L’Italia è un Paese “senza verità”: un Paese di stragi e di stragisti. Si comincia con Portella della Ginestra, il Primo maggio del 1947. E si prosegue con le altre stragi di Stato, dalla “Strategia della tensione” negli anni ’60, ’70, fino a lambire gli anni ‘’80, fino alle stragi del 1992-1993.

A capire chi metteva le bombe negli anni ’60 e ’70 ci abbiamo rinunciato. Ma è piuttosto chiaro perché si mettevano, allora, le bombe. Lo lascia intendere nei “Tacquini” il leader socialista, Pietro Nenni, là dove descrive l’azione del mondo della conservazione dell’Italia di quegli anni tesa a bloccare il riformismo dei Socialisti andati al Governo.

Noi del centrosinistra degli anni ’60 e ’70 ricordiamo la nazionalizzazione dell’energia elettrica – con la nascita dell’Enel – nei primi anni ’60, e lo Statuto dei lavoratori nel 1970. Ma dimentichiamo, ad esempio, i tentativi – falliti – di ridurre lo strapotere del capitalismo italiano, fatto per lo più da speculatori che hanno anche utilizzato i giornali, sostituendosi agli editori puri, per controllare e disinformare l’opinione pubblica. Questa e tante altre battaglie sociali ed economiche dei Socialisti italiani di quegli anni sono state bloccate da un’informazione spesso distorta e dalle stragi di Stato.

Le stragi, in Italia – da Portella fino alla stagione delle bombe del 1992-1993 – sono state tutte stragi per il centrismo: sono servite a intimorire l’elettorato italiano di sinistra – soprattutto quello che dal centro si spostava a sinistra – e a far recuperare voti al centro. E’ stato così negli anni ’60 e ’70. Ed è stato così anche alle elezioni politiche del 1994, forse perché il Pds di Achille Occhetto sembrava ammiccare più all’Internazionale socialista che ai poteri forti, che pure avevano invitato lo stesso Occhetto su una nave insieme a tanti ‘potenti’ di allora per parlare di privatizzazioni.
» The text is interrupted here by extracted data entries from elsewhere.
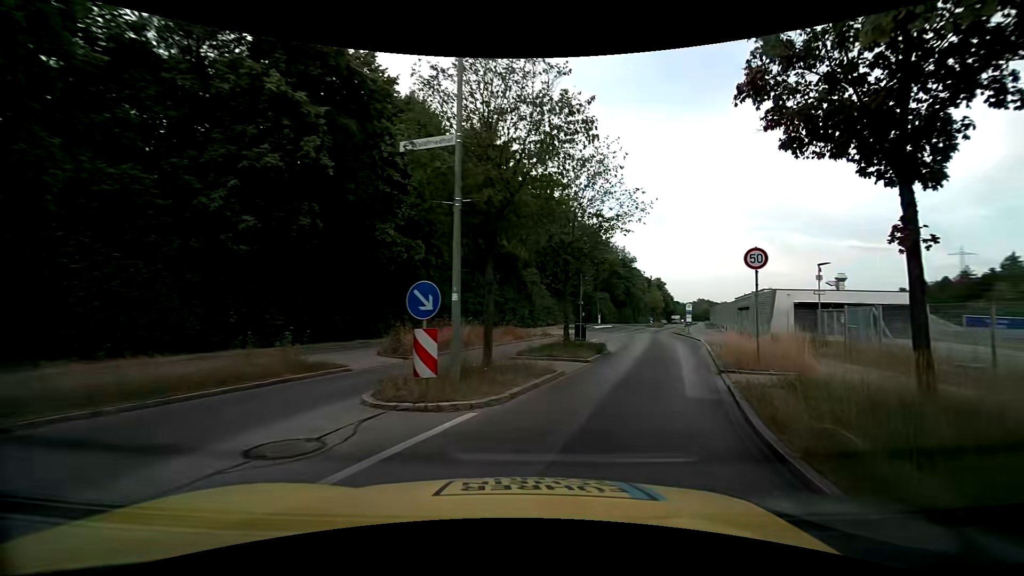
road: tertiary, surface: asphalt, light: Day
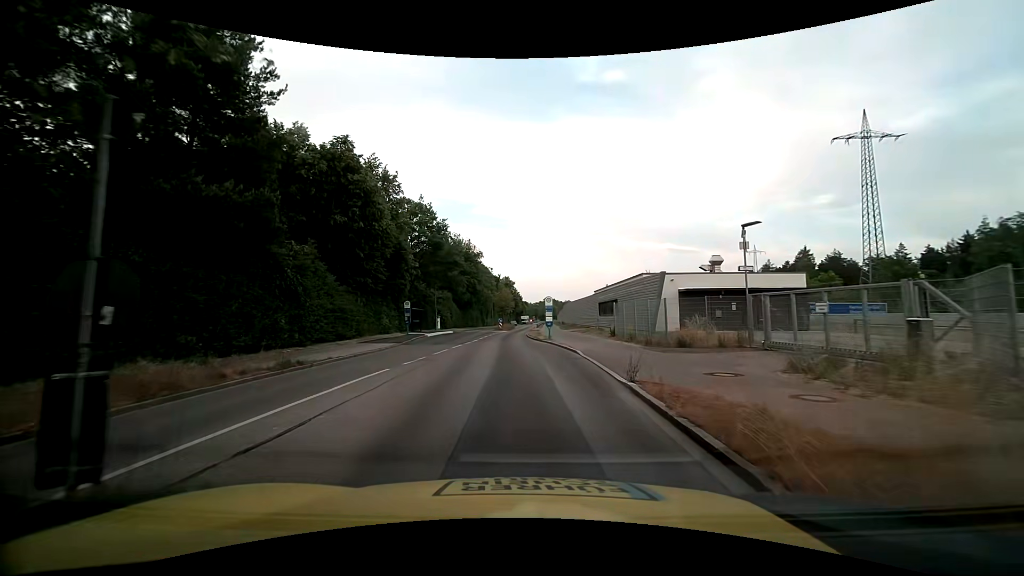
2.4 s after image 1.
(+3.6, +15.2) m; +18°
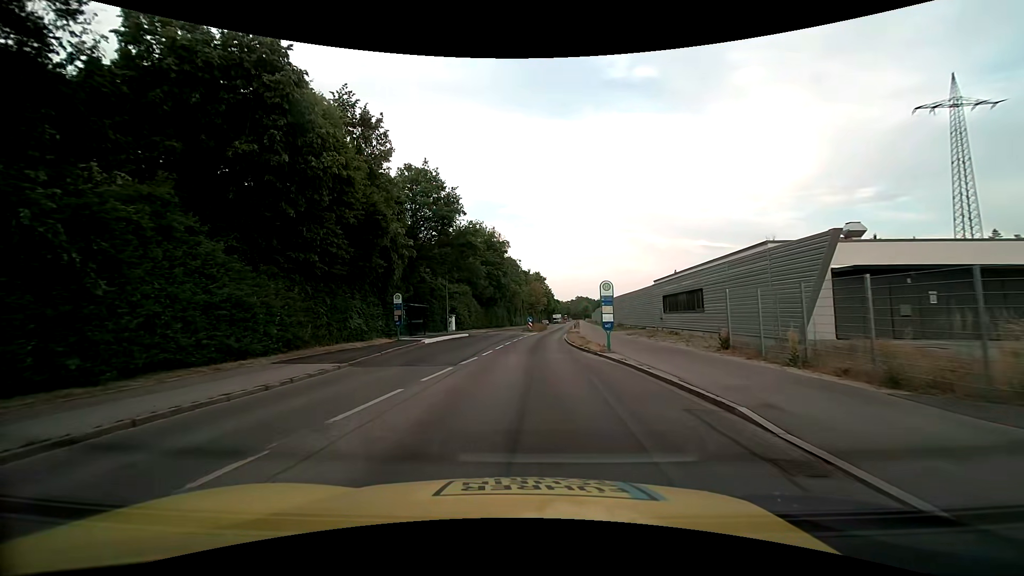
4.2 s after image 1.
(-0.5, +13.1) m; -4°
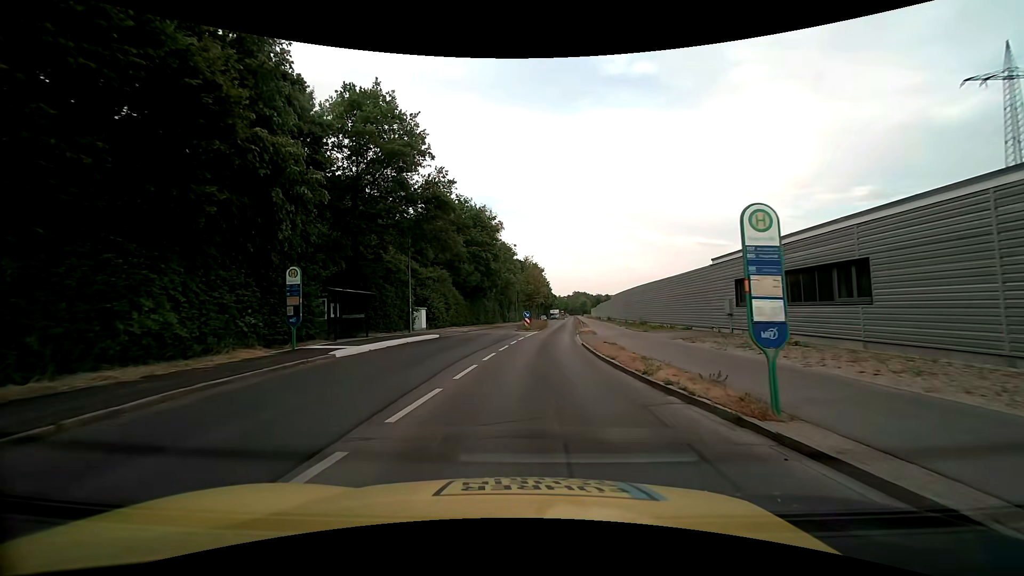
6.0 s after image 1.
(-0.1, +13.7) m; 0°
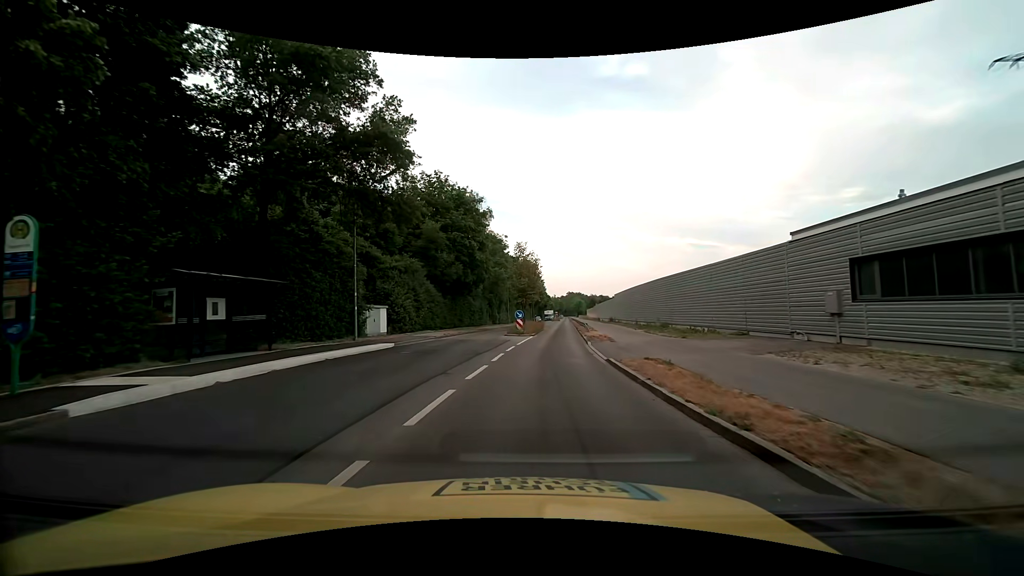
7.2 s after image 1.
(+0.1, +9.2) m; +1°
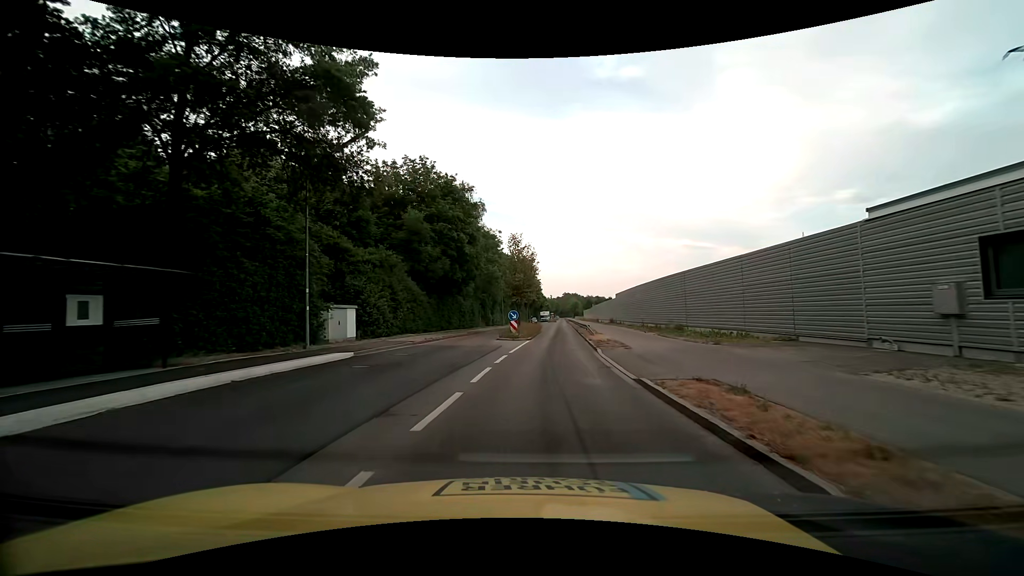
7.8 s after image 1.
(0.0, +4.6) m; +1°
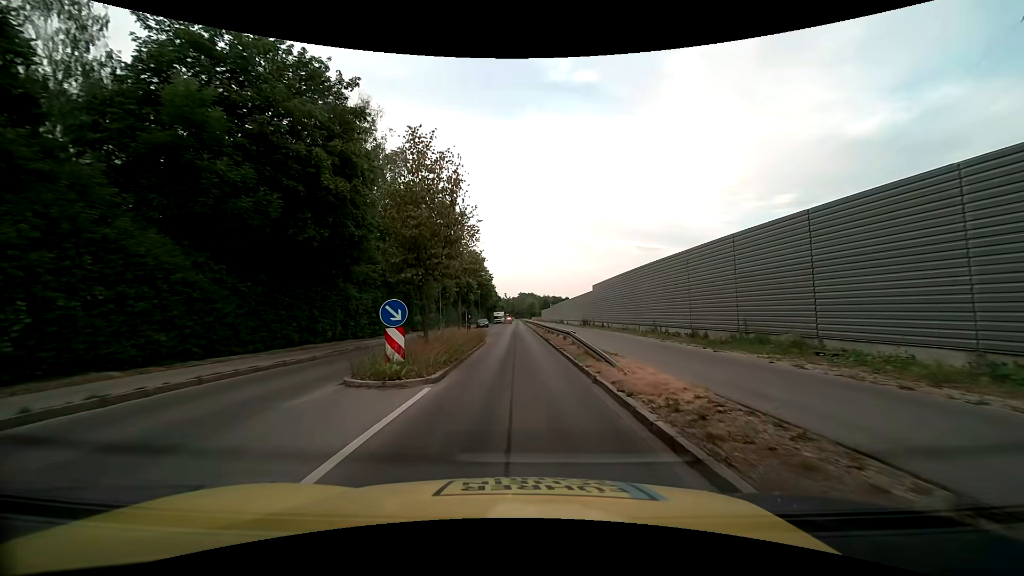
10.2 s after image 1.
(+1.1, +19.4) m; +6°
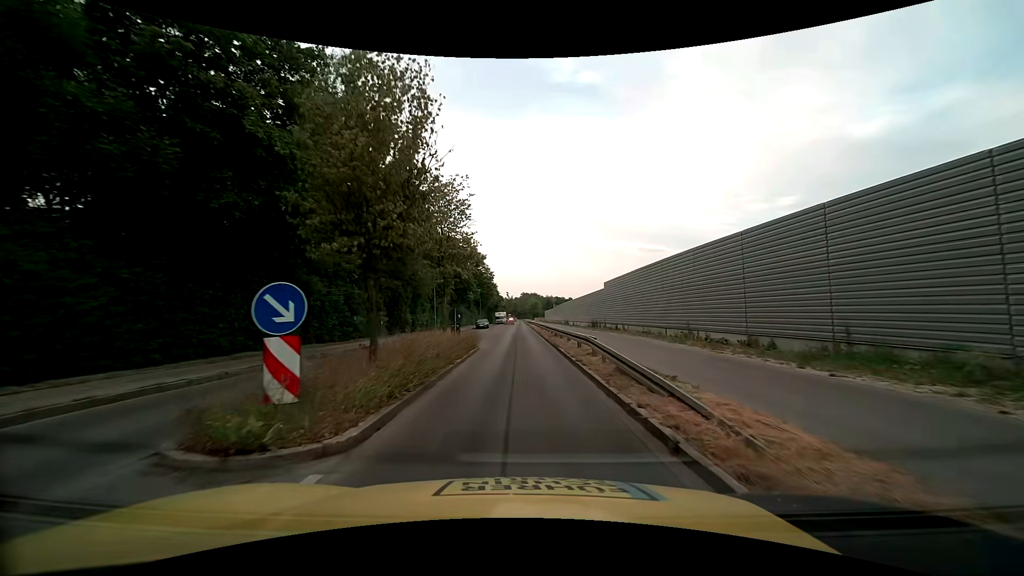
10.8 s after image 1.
(-0.1, +5.4) m; -1°
(0, +10) (0, +20) (0, +30) (0, +40) (-1, +50) (-1, +60) (-1, +70) (-1, +80) (-1, +90) (-1, +100) m

Oggi non ci sono più navi. E nemmeno bombe. La rete ha rivoluzionato tutto. E’ diventato difficile, se non impossibile, manipolare le informazioni. Così non resta che trasformare la sinistra in centro. Quello che è stato fatto con il PD di Matteo Renzi.

Sono proprio i risvolti di questo scenario politico che, forse, fanno paura ai protagonisti di una vicenda che i poteri forti italiani avrebbero voluto dimenticare. Ma che la Procura della Repubblica di Palermo ha riportato sotto le luci della ribalta. Oggi – con l’avvento dell’informazione on line – il potere, in Italia, non controlla più l’informazione. E questo, con molta probabilità, fa tremare i protagonisti ancora in vita dell’ultima stagione stragista italiana.

Per la prima volta la tesi di Sciascia sull’Italia “senza verità” potrebbe essere smentita. Da qui la mobilitazione generale. Assoldando tutti: consapevoli e inconsapevoli. Ma c’è una talpa che da quando si è aperto questo benedetto processo sulla trattativa tra Stato e mafia – o sulla ‘rinegoziazione’ di chissà che cosa – che per la prima volta scava in una stagione stragista della quale potrebbero anche venire fuori se non tutte, magari alcune verità.